==== STORED DATA

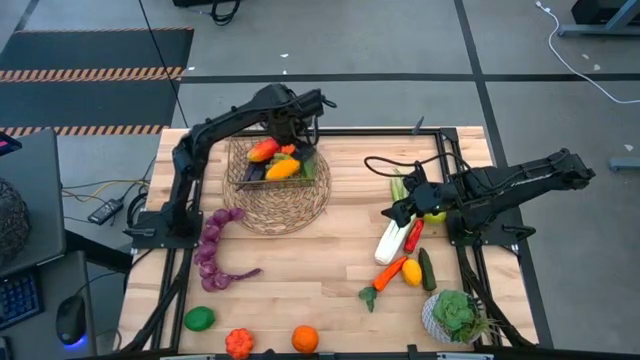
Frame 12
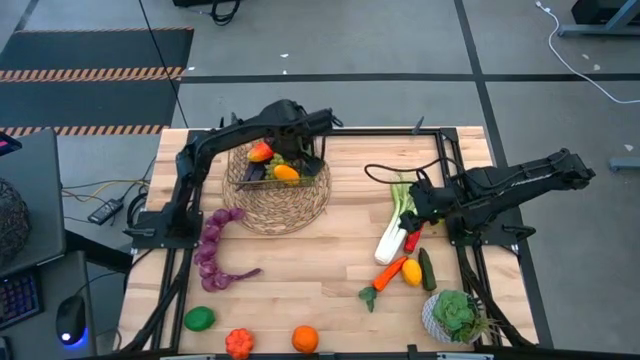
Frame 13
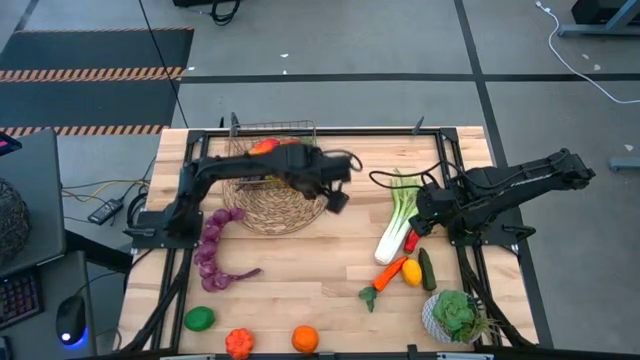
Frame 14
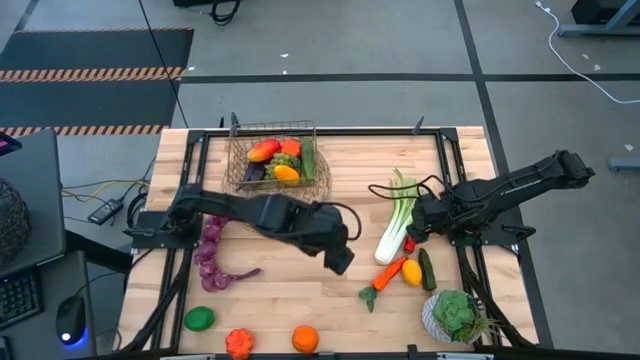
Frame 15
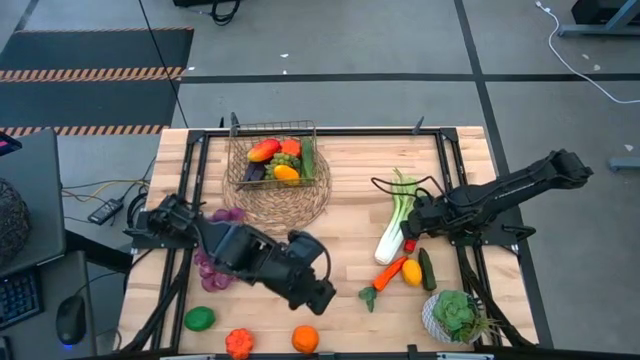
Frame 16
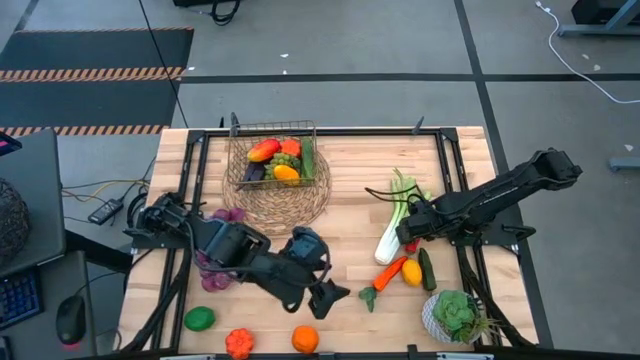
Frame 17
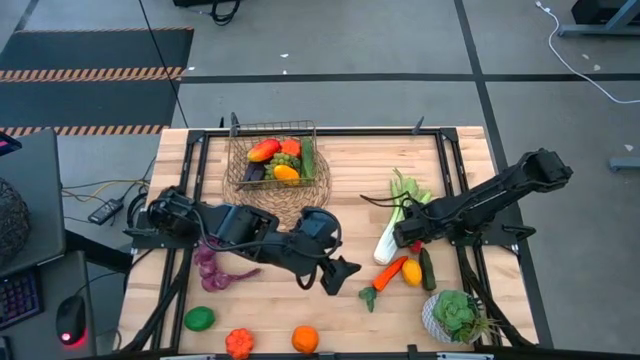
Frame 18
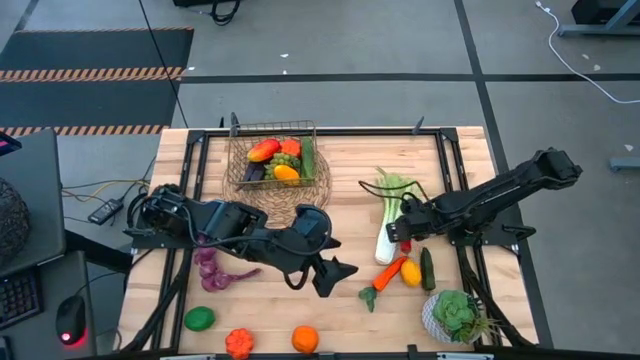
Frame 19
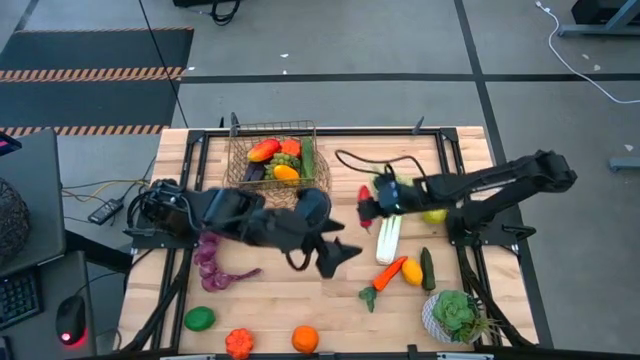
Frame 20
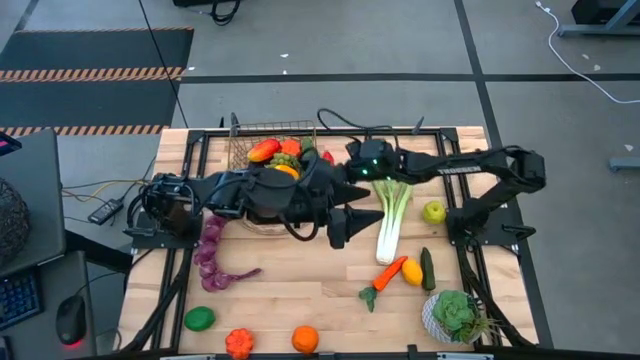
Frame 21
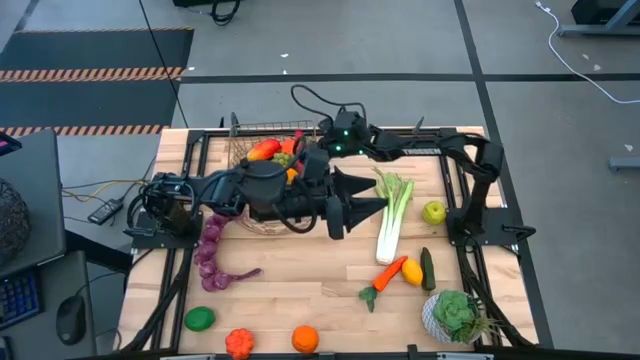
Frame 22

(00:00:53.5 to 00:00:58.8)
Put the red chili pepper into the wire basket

========

_EXERCISE BRIEF_
Output the data above exactly. Drop every picture.

_ANSWER BOX_
Frame 12
Frame 13
Frame 14
Frame 15
Frame 16
Frame 17
Frame 18
Frame 19
Frame 20
Frame 21
Frame 22

(00:00:53.5 to 00:00:58.8)
Put the red chili pepper into the wire basket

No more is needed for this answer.